Tuesday, February 27, 2018

Sword of Sorcery #4



Fantasy February and Magical March!
Tie-ins
Sword of Sorcery #4

 
A blind buy nets a Crapbox favorite

In my own defense, the wording is so small that I didn’t see it.

There, in the bottom right. See it? Above the words “The Cloud of Hate!”, a story title that should have given it away. It didn’t because great titles are overused. I still should have noticed. Or looked closer at the words above it.

“Fafhrd & The Mouser battle..”

Oh, yes! This is a comic tale torn from the world of Nehwon, set in the great city of Lankhmar, a place its author Fritz Leiber describes as... crouching at the silty mouth of the River Hlal in a secure corner between the grain fields, the Great Salt Marsh, and the Inner Sea is the massive-walled and mazy-alleyed metropolis of Lankhmar, thick with thieves and shaven priests, lean-framed magicians and fat-bellied merchants—Lankhmar the Imperishable, the City of the Black Toga.

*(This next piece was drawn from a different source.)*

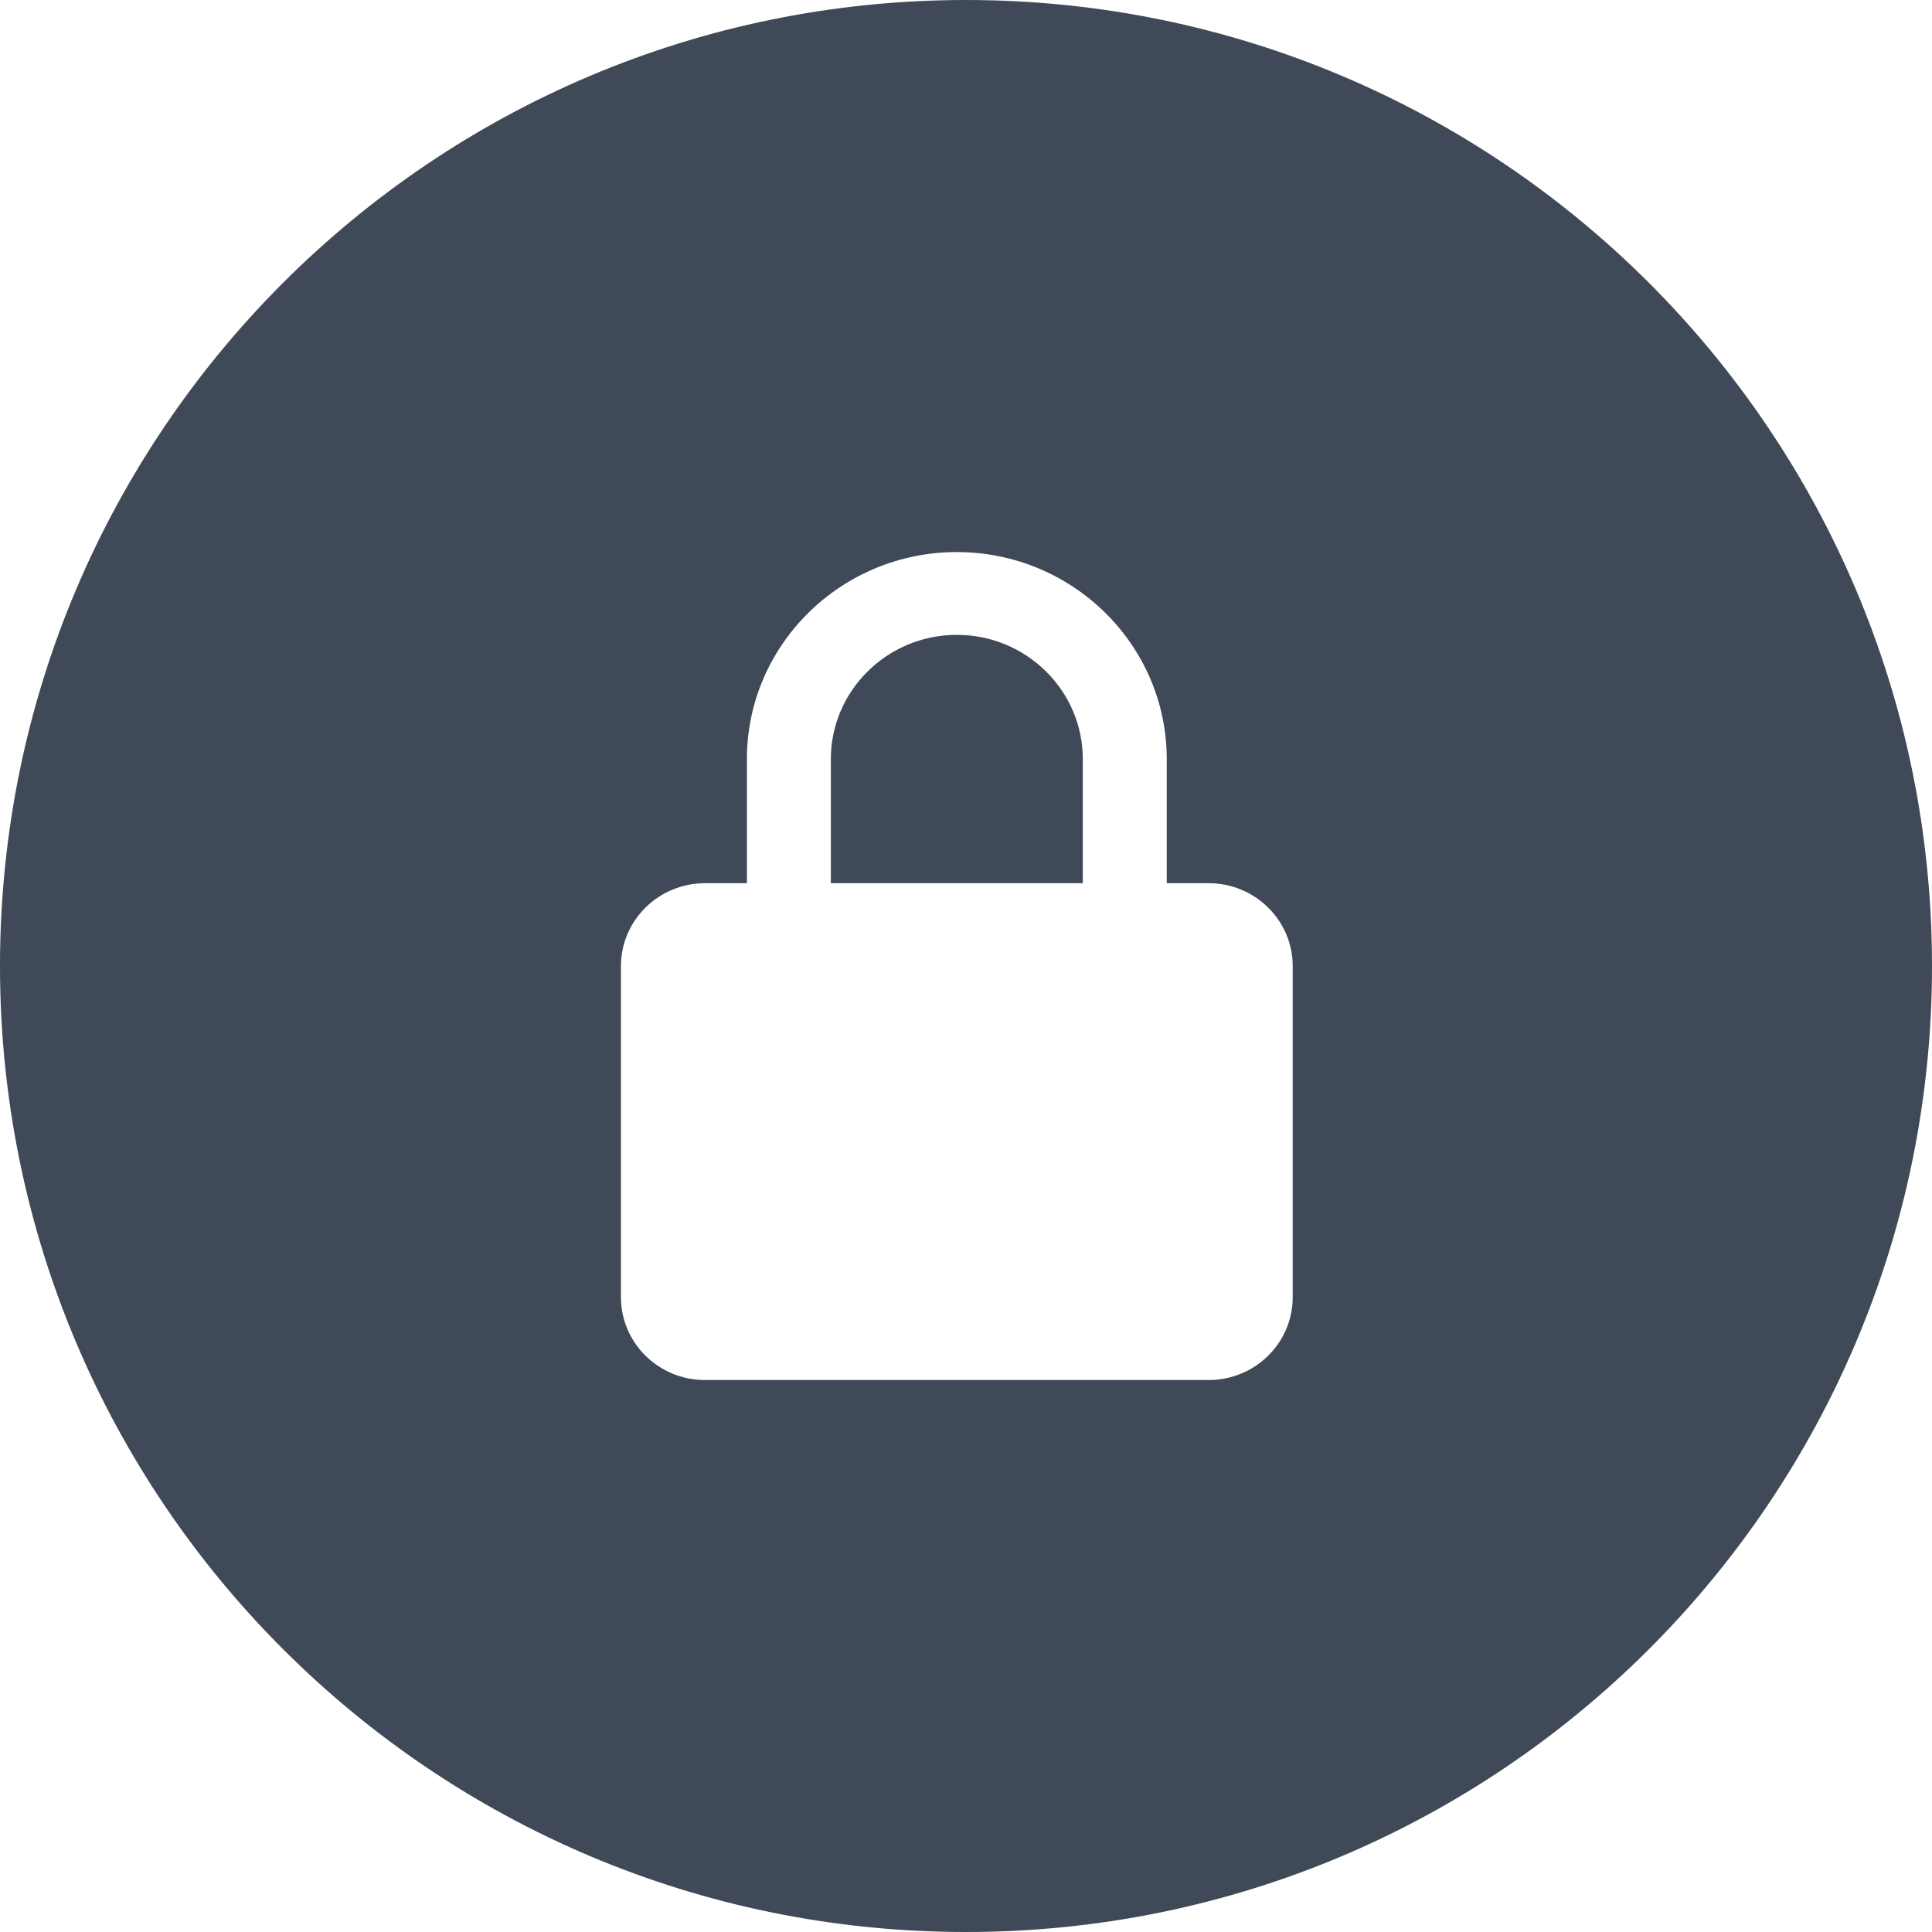 <svg width="20" height="20" viewBox="0 0 20 20" fill="none" xmlns="http://www.w3.org/2000/svg">
<path fill-rule="evenodd" clip-rule="evenodd" d="M10 0C4.477 0 0 4.477 0 10C0 15.523 4.477 20 10 20C15.523 20 20 15.523 20 10C20 4.477 15.523 0 10 0ZM12.513 9.143C12.992 9.143 13.382 9.528 13.382 10V13.429C13.382 13.902 12.992 14.286 12.513 14.286H7.297C6.818 14.286 6.428 13.902 6.428 13.429V10C6.428 9.528 6.818 9.143 7.297 9.143H7.732V7.857C7.732 6.676 8.707 5.715 9.905 5.715C11.103 5.715 12.078 6.676 12.078 7.857V9.143H12.513ZM9.905 6.572C9.186 6.572 8.601 7.149 8.601 7.857V9.143H11.209V7.857C11.209 7.149 10.624 6.572 9.905 6.572Z" fill="#404957"/>
</svg>

A city of vile villains and larger than life heroes, none more notable than the massive red-haired Northern barbarian Fafhrd and his companion the failed hedge-wizard but nimble rogue Mouser. Fafhrd and the Gray Mouser (the rogue’s clothing color of choice) were created by Leiber in 1939 and shared adventures in seven books that were published over the next fifty years, culminating in the book The Knight and the Knave of Swords in 1988.

Lieber’s goal was to create heroes who were more human than their contemporaries Tarzan and Conan. From personal knowledge I can say their adventures bear this out. Typically motivated by desire to get paid or idleness, the mis-matched pair of thieves are one of my favorite fantasy series. I first encountered them in the same place I encountered Cthulhu and Elric, and that was in the wild and wooly pages of TSR’s Deities and Demigods tome for Dungeons and Dragons at a time before trademark attorneys paid close attention to those kinds of things.

Good thing they didn’t too, as that would have robbed not only me, but the estates of each with my hard-won cash dollars that I would shell out over the years on all three properties.

To find that a random pick-up at Half Price from the $5.00 bin, nabbed because it was “old”, fantasy, and might lend an air of respectability about the Crapbox, was in fact an adaptation of one of my favorite book series! It was almost too much.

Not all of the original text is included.